We have a lot of test cases that have UB inadvertently. These tests cannot be verified with Alive2 because technically the compiler is allowed to produce whatever it wants. So we lose a lot of goodness. (as a reminder, Alive2 has found 100+ bugs just by running it over LLVM’s tests)
Moreover, in the future, unwanted optimizations that detect UB may kick in and we end up not testing what we want.
For example, we should avoid these in tests:
- div v, undef / poison / 0
- br undef / poison
- load ptr undef / poison
- store val, ptr undef / undef
- memcpy ptr undef / poison
- getelementptr undef/poison
- (any memory access operations with undef / poison pointers)
For example, right now we have 4970 occurrences of “br undef” in the tests directory. As an example, I’ve removed “br undef” from InstCombine tests today ([NFC] remove 'br undef' from InstCombine test cases · llvm/llvm-project@952e069 · GitHub).
Please make sure new tests at least are free of UB. Thank you!
If you want to help, please remove UB from your favorite tests! We also need to patch llvm-reduce to avoid introducing so many undefs. Usually adding a new argument to the function is a better replacement for a function than undef (doesn’t trigger UB straight away anywhere).
I think we may be able to use Alive2 to catch at least some of those instances (and other UB that may be a bit more difficult to grep for).
I put together a simple pass that replaces all functions with
unreachable and a script that checks if the result still verifies, in a way that can be used as drop-in replacement for
opt when running llvm-lit. The code is here: ⚙ D127607 Add pass to turn function into Unreachable and script to find UB. (WIP)
I went ahead and fixed a few cases that seemed straight-forward
I disagree. We still need tests that we handle and codegen these correctly. For codegen testcase reduction, replacement with undef is substantially more useful than adding arguments.

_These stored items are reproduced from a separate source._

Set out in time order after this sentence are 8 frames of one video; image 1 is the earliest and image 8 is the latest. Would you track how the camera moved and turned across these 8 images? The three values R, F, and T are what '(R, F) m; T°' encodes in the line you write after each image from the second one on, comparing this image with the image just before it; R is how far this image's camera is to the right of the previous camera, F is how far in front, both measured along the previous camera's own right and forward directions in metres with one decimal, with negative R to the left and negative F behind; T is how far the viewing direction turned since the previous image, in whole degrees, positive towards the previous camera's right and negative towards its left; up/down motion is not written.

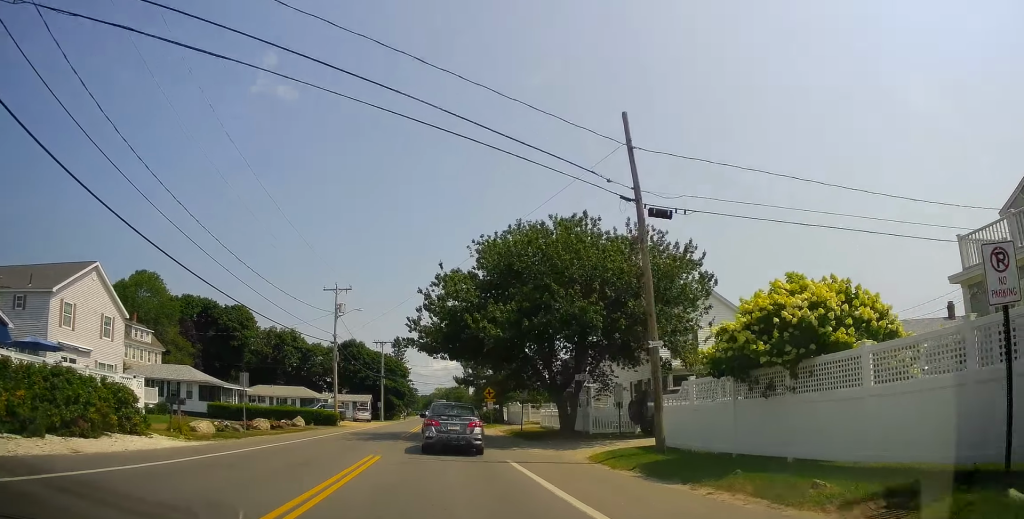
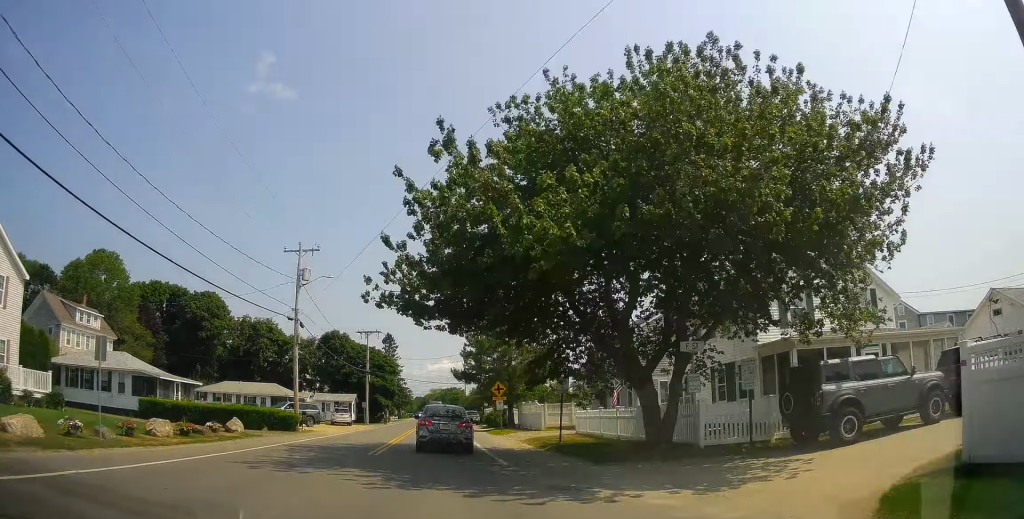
(+0.5, +11.5) m; +1°
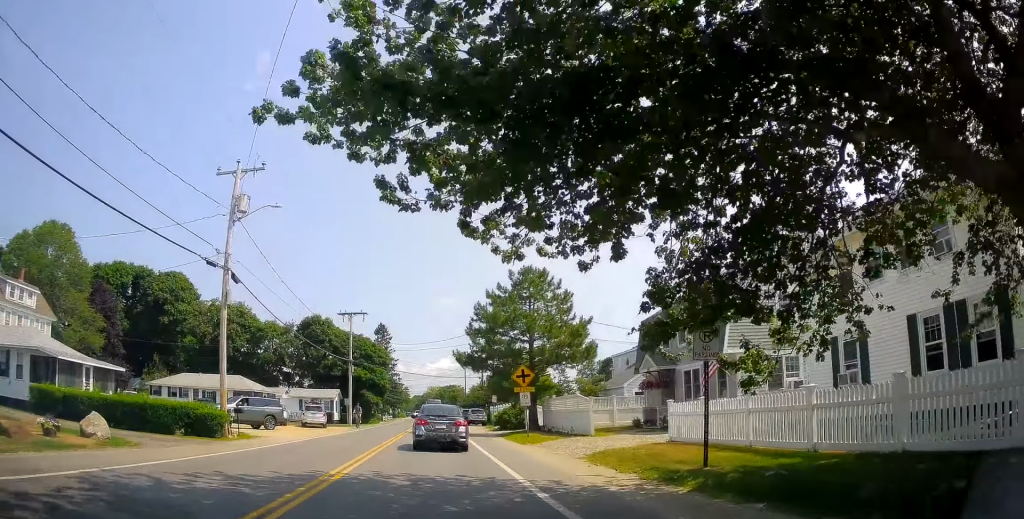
(-0.4, +11.7) m; -4°
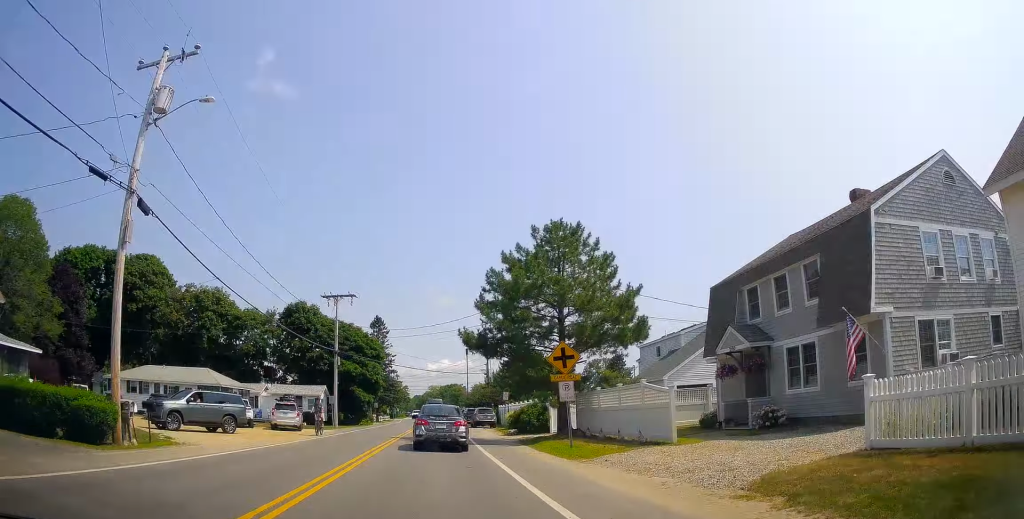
(-0.1, +8.2) m; 0°
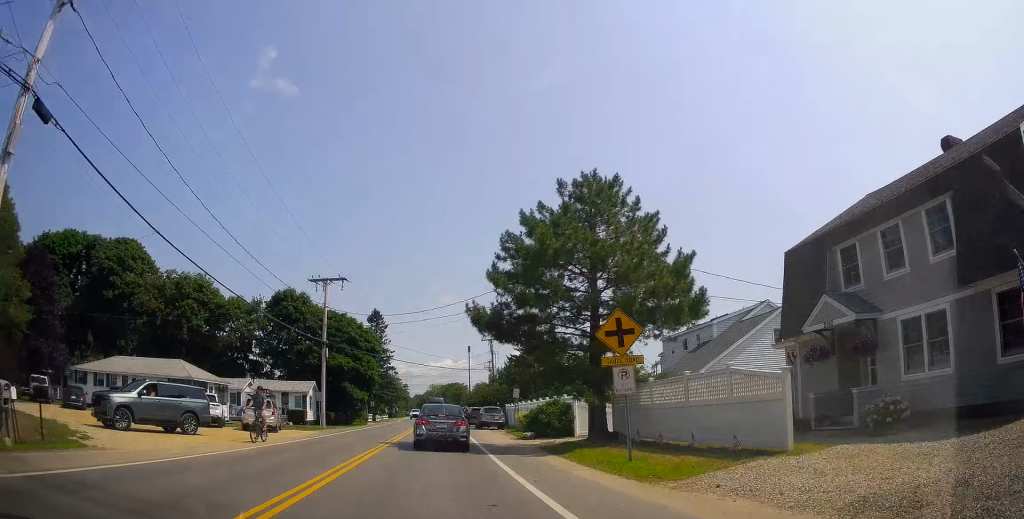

Codegen and IR tests are different things. I’m not advocating we should remove all instances of undef from the test suite (not until we get rid of undef in the IR).

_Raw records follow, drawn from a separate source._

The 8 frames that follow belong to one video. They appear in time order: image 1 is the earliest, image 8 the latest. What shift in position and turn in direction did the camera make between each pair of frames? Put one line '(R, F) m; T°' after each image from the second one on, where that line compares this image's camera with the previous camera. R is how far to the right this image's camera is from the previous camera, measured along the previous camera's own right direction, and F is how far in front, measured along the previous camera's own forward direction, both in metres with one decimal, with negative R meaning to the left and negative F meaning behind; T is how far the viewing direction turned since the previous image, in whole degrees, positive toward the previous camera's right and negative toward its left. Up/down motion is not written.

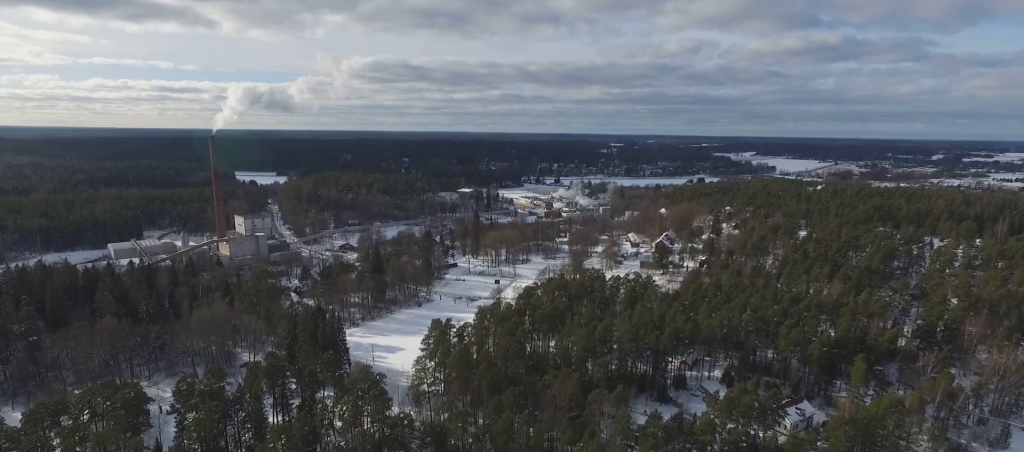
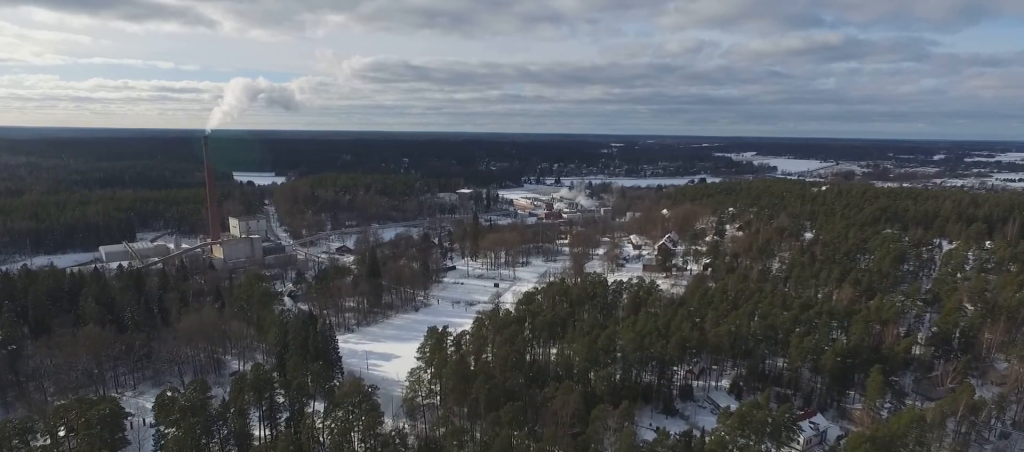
(+0.1, +9.2) m; +1°
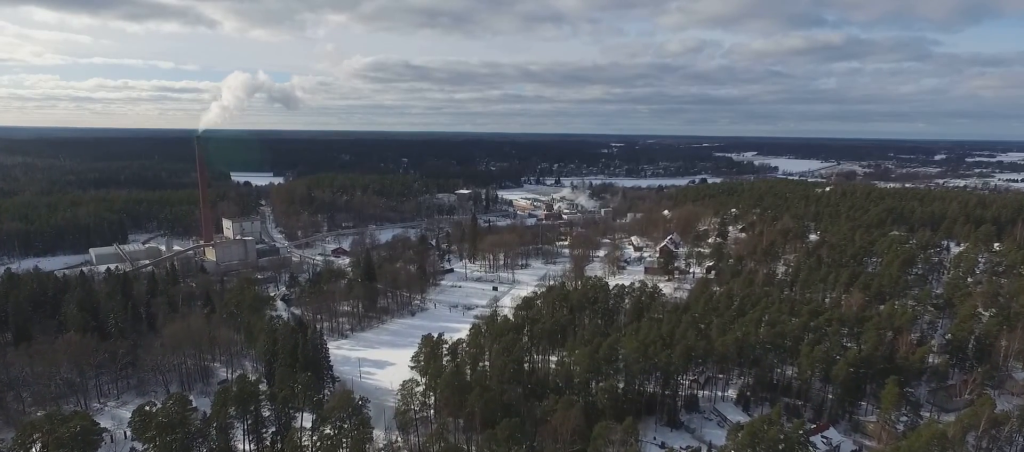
(0.0, +8.8) m; 0°
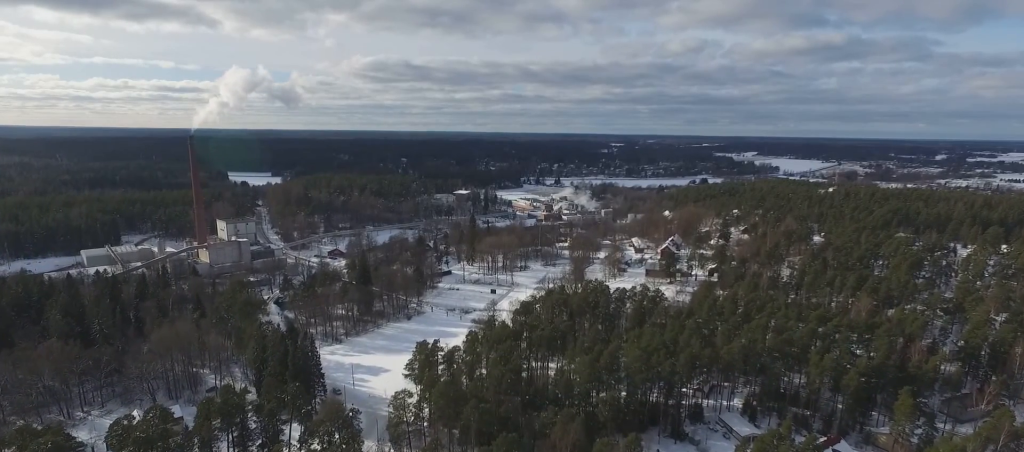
(0.0, +7.6) m; -1°
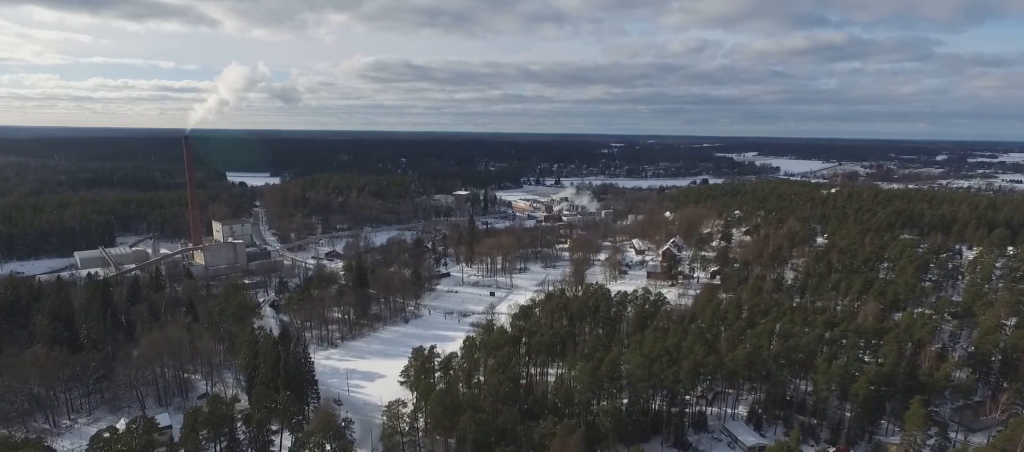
(0.0, +5.8) m; -1°
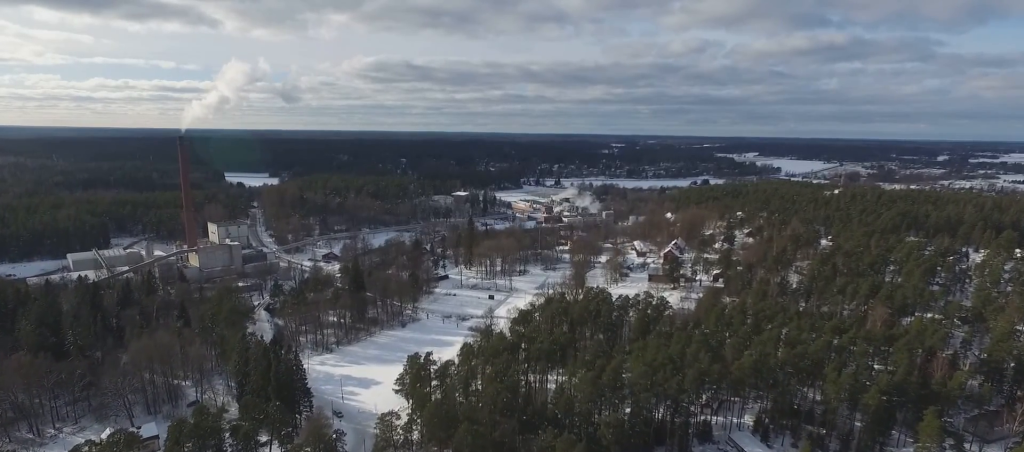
(-0.1, +6.4) m; -1°
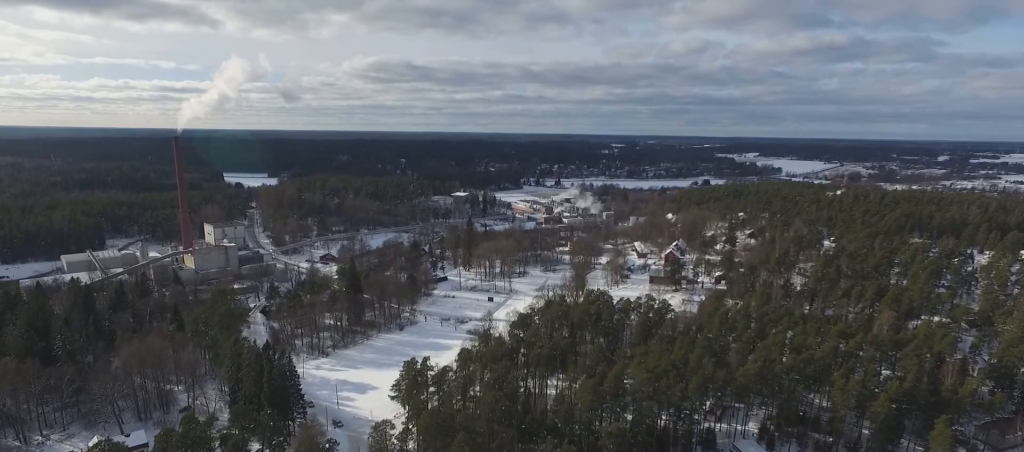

Still, given that ‘br undef’ and ‘store ptr undef’ are UB, there’s no value in testing that they generate the “right” assembly, because there’s no such thing for UB. We need to make sure LLVM doesn’t crash, but that’s it.
Didn’t bugpoint (use to) replace branch conditions with undef as one of its strategies? That would explain the source of a lot of those. I know that we have a lot of
br undef in AMDGPU tests, which always struck me as a bit iffy but I never found the “activation energy” to dig into it. Most of these tests should just be converted into branching on a function argument.

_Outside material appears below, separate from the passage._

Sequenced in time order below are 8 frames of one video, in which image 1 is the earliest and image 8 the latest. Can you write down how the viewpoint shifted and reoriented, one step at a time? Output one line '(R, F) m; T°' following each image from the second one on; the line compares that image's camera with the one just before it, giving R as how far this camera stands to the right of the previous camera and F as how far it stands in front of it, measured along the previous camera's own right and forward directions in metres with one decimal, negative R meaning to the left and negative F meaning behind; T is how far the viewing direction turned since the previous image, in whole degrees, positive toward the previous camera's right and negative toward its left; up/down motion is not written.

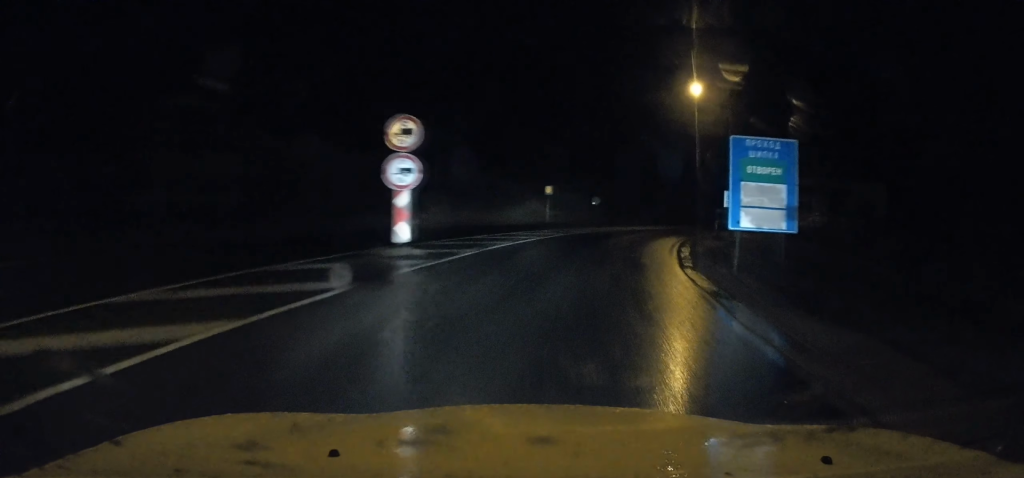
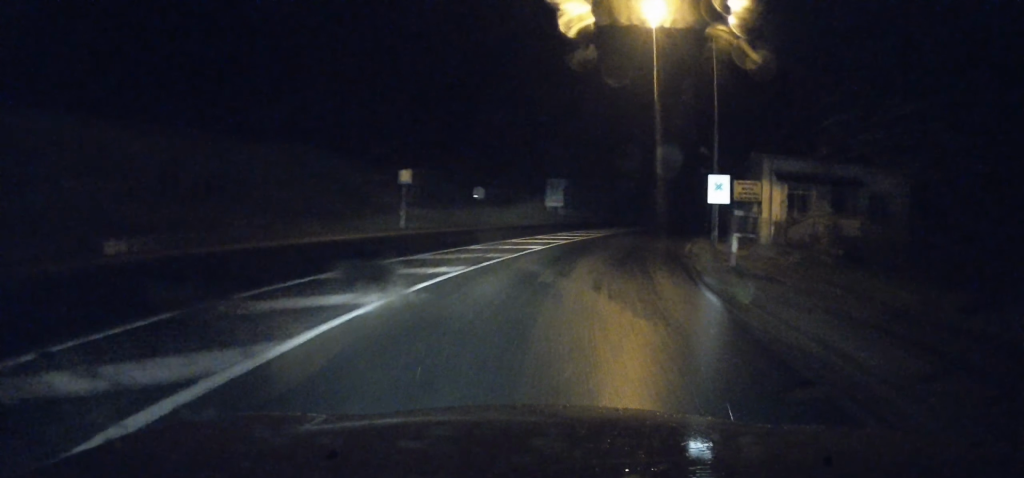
(+1.6, +17.0) m; +10°
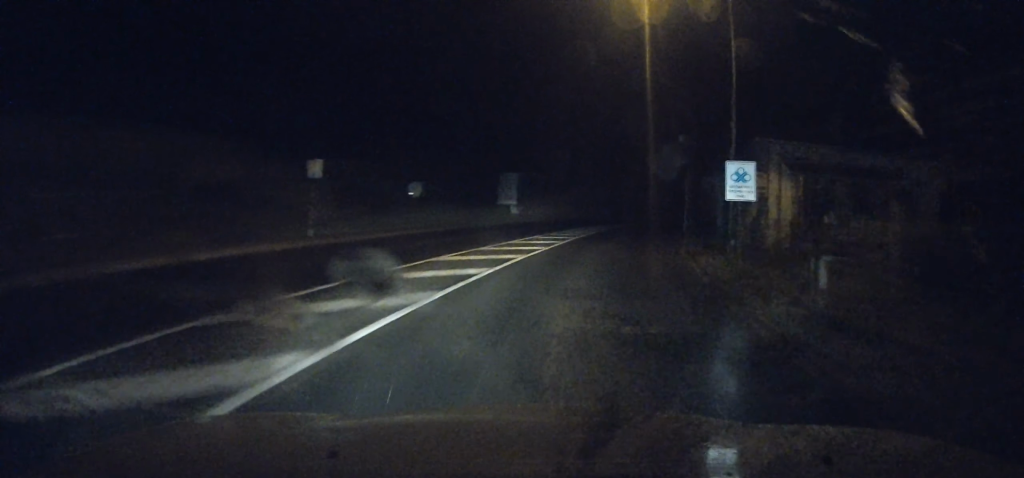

Yep, both bugpoint and llvm-reduce introduce a lot of undefs in branching and as pointers.
In the past the thinking was that ‘br undef’ was a non-deterministic jump to either branch, but we’ve settled on UB now.
I totally agree that we should (have the option to) not emit static UB into test cases created by llvm-reduce/bugpoint. This came up over the years multiple times. For me, it matters as the Attributor will exploit UB in the future better and thereby make tests useless.